I got an email from TheSocReports this morning. Now, this is not a take-down of the service. Do you homework and decide on your own. (Full-disclosure, TheSocReports was an advertiser on WeatherBrains. I have received no money from TheSocReports, or WeatherBrains for that matter.)

Here is the note:

A few days ago, we got more snow than normal in Chicago.

Not that snow in March is ever a huge surprise, but I happened to be expecting a rare visit from my nephew (who was driving from Alabama), and I got up that morning, anxious to see the latest forecast.

So I flipped on the TV to find the Weather Channel.

I went up and down the cable and tried to find it – couldn’t. Called my husband, he couldn’t. At the moment, I was really wanting one of those ‘Siri like’ remote controls.

But in the process of trying to find the road conditions between here and Kentucky, I discovered something really interesting.

One of those info-tainment shows called “Cindy Crawford’s Skin Secrets” was playing on not one – but at least five (maybe more) channels on the cable SIMULTANEOUSLY. (She sells this supermodel serum that is supposed to help you look younger.) I have to confess that I paused for awhile to watch.
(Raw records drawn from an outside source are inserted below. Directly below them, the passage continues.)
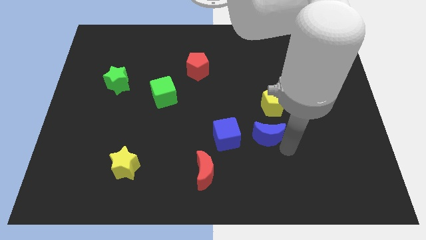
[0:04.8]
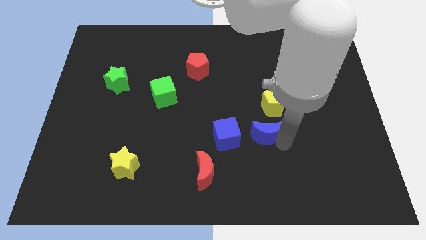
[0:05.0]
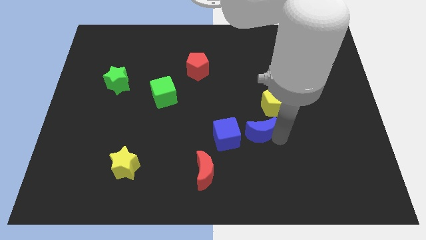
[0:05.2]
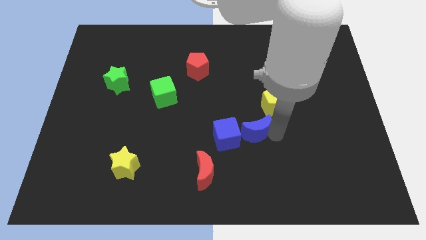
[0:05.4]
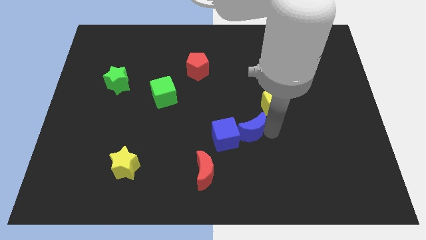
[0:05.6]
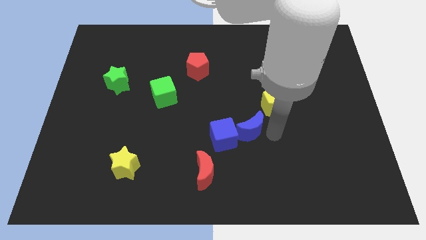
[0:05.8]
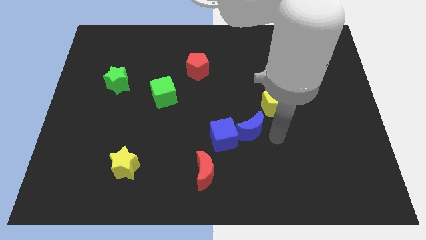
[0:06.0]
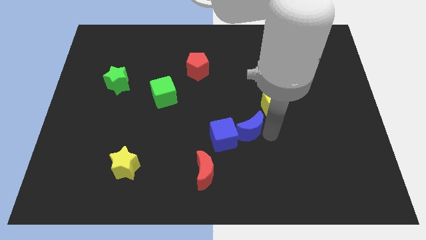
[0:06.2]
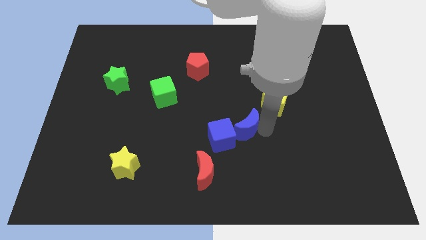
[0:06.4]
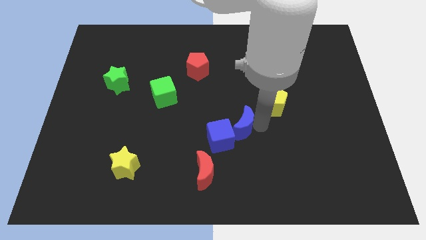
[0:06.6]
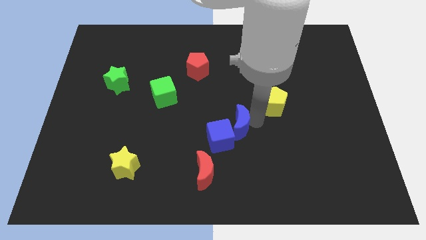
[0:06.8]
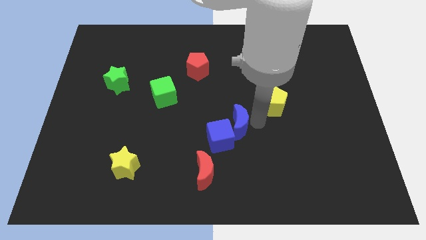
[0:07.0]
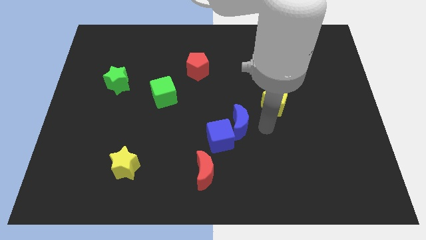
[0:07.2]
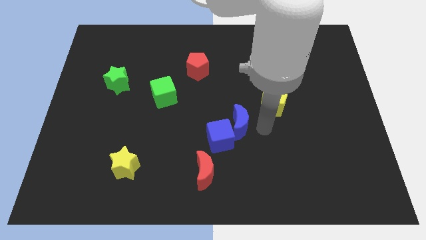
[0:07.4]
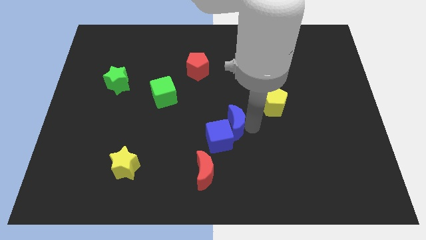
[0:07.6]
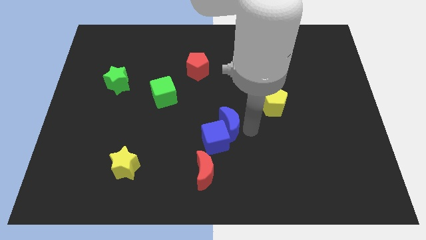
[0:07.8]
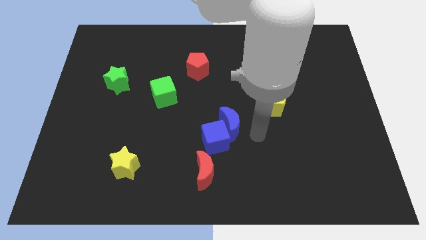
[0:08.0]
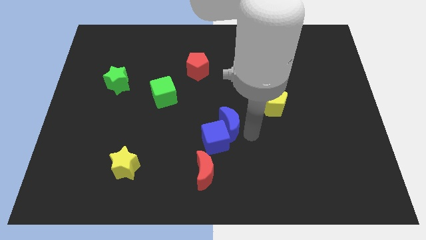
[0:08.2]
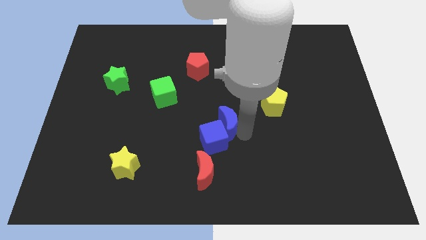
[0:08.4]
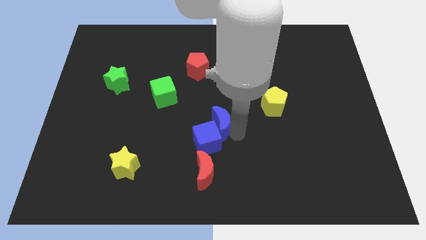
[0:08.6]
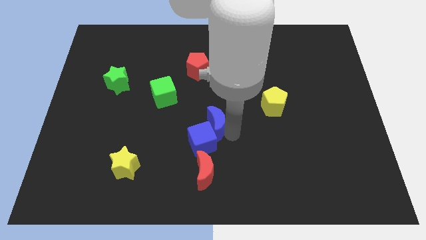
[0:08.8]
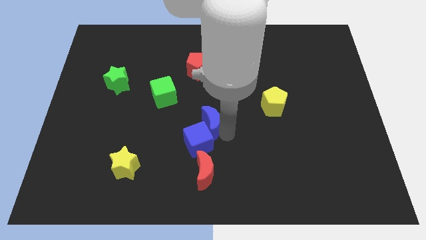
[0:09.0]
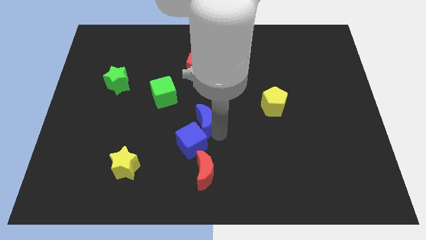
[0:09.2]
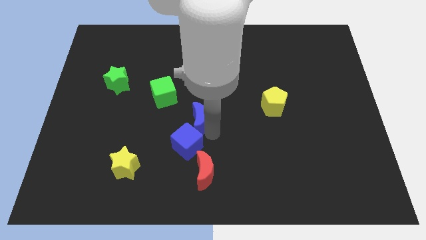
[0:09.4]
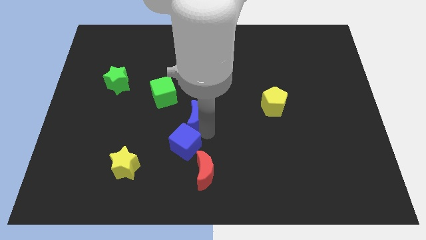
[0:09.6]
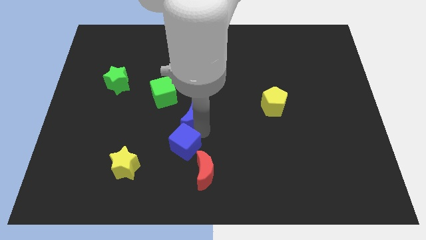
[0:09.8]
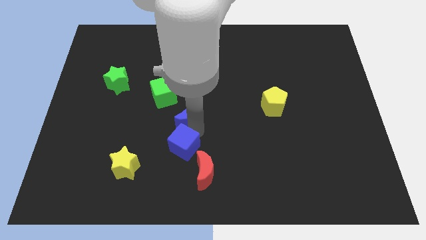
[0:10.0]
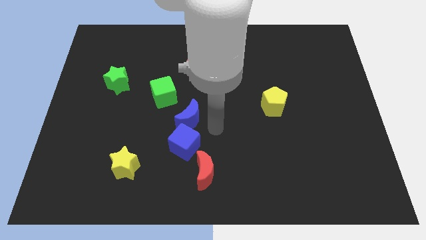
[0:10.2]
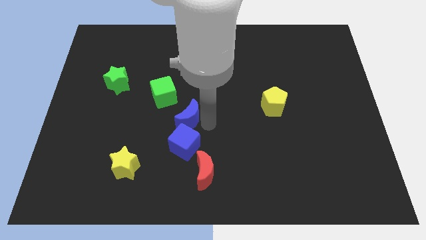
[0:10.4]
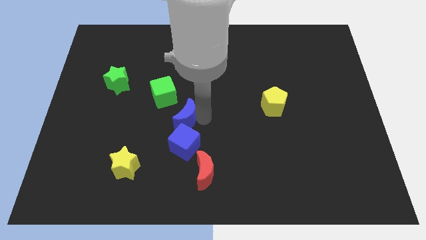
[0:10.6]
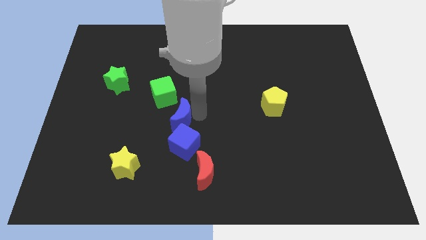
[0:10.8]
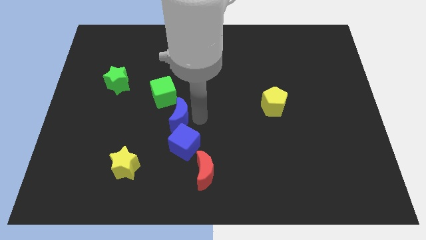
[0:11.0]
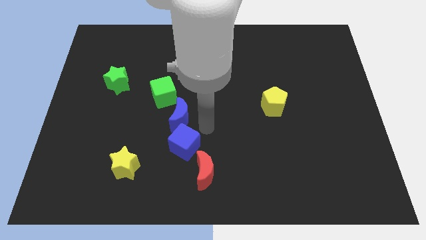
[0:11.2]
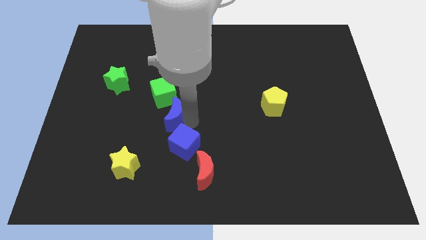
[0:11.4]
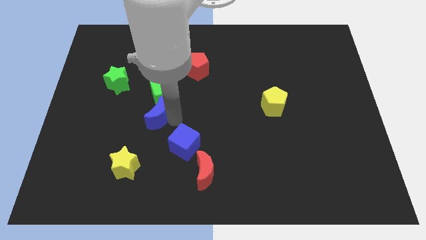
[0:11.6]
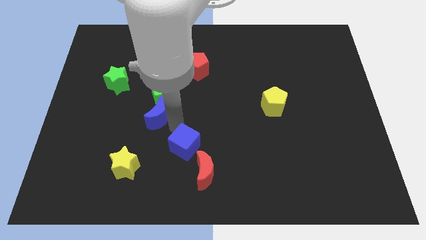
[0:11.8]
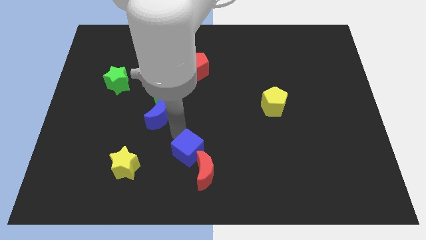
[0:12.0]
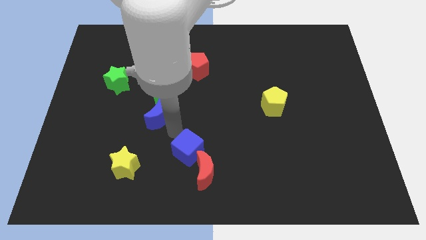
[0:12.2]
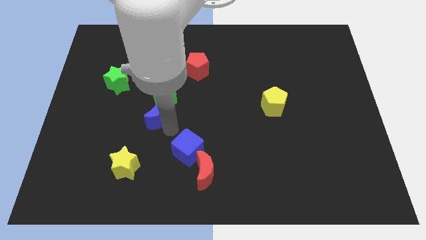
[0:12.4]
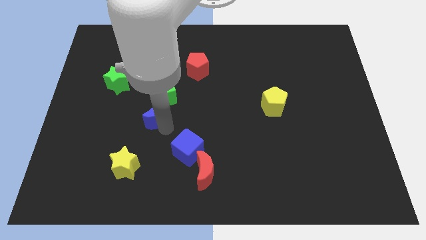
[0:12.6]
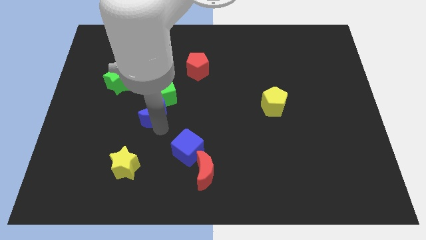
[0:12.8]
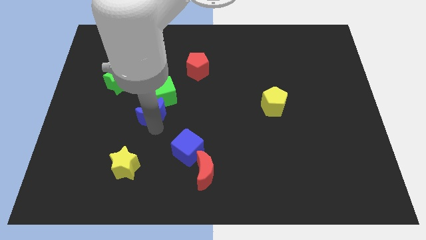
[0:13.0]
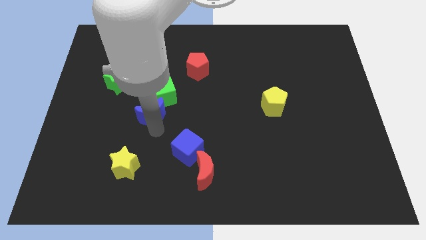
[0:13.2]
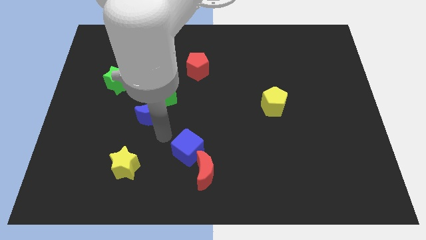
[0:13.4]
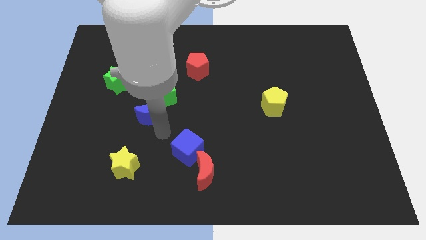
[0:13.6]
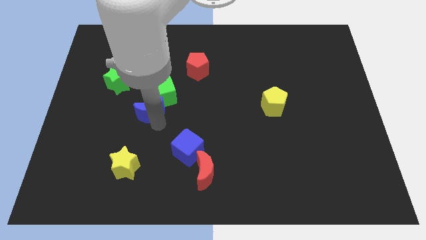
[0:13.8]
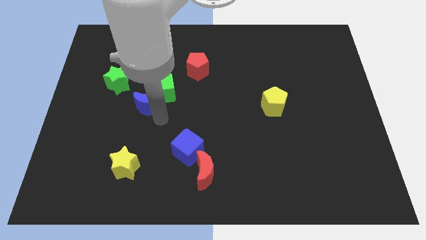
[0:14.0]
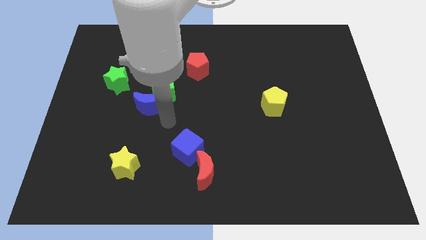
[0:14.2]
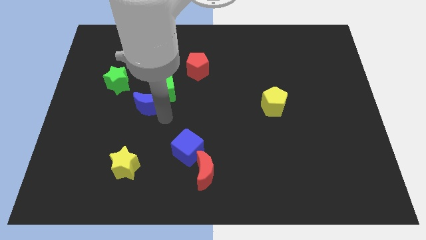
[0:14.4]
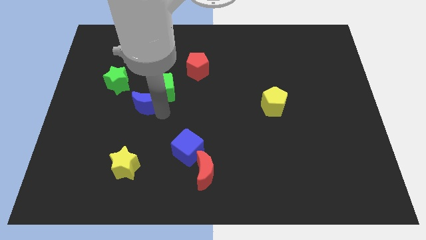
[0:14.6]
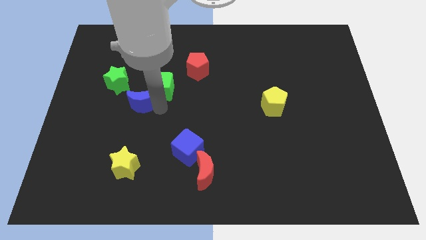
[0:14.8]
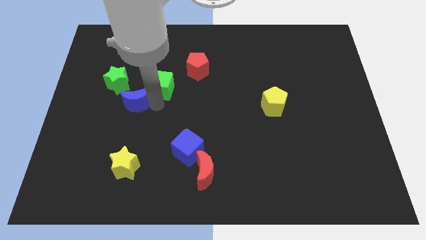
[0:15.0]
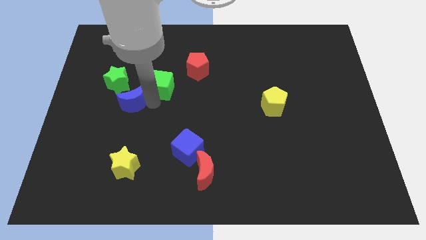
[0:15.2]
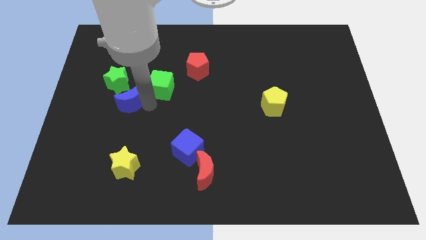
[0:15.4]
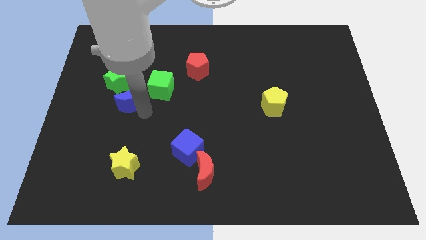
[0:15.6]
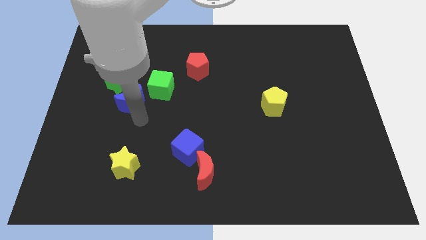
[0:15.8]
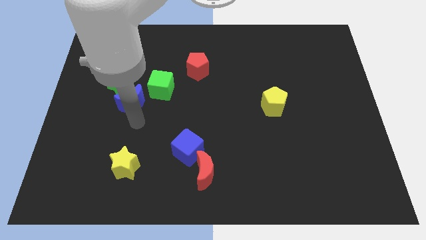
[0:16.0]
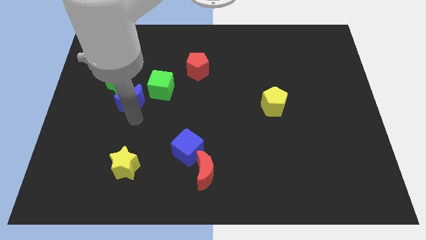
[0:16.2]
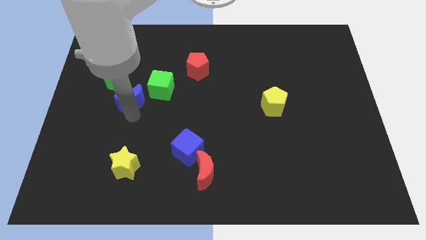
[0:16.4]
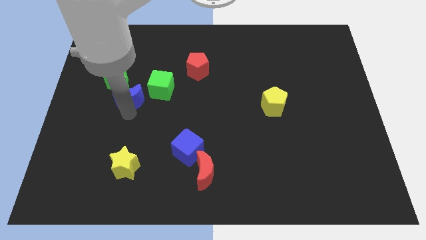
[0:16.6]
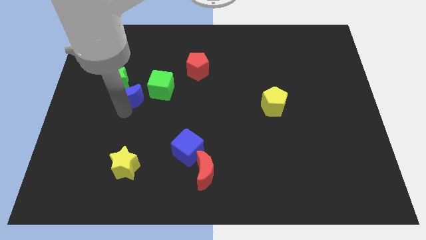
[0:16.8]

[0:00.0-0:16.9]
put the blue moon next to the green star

I finally found TWC after consulting the cable guide as last resort, but the idea of some marketing genius deciding that Cindy Crawford’s beauty products show should run on multiple channels AT ONCE made me think.

It’s a lot like what I’m constantly preaching about social media. You need reps, you need more ‘at bats’ than the other guys to break through the noise.

Yes, the very first step to becoming a force in social media showing up actively. It’s what our clients at TheSocReports know all too well.

If you or someone you coach relies on social media, I encourage you to check out TheSocReports https://www.thesocreports.com/

We collect data on YOUR social media activity to show you how to become the Cindy Crawford of your profession.

It’s frankly not for everyone – but we offer a trial so you can find out.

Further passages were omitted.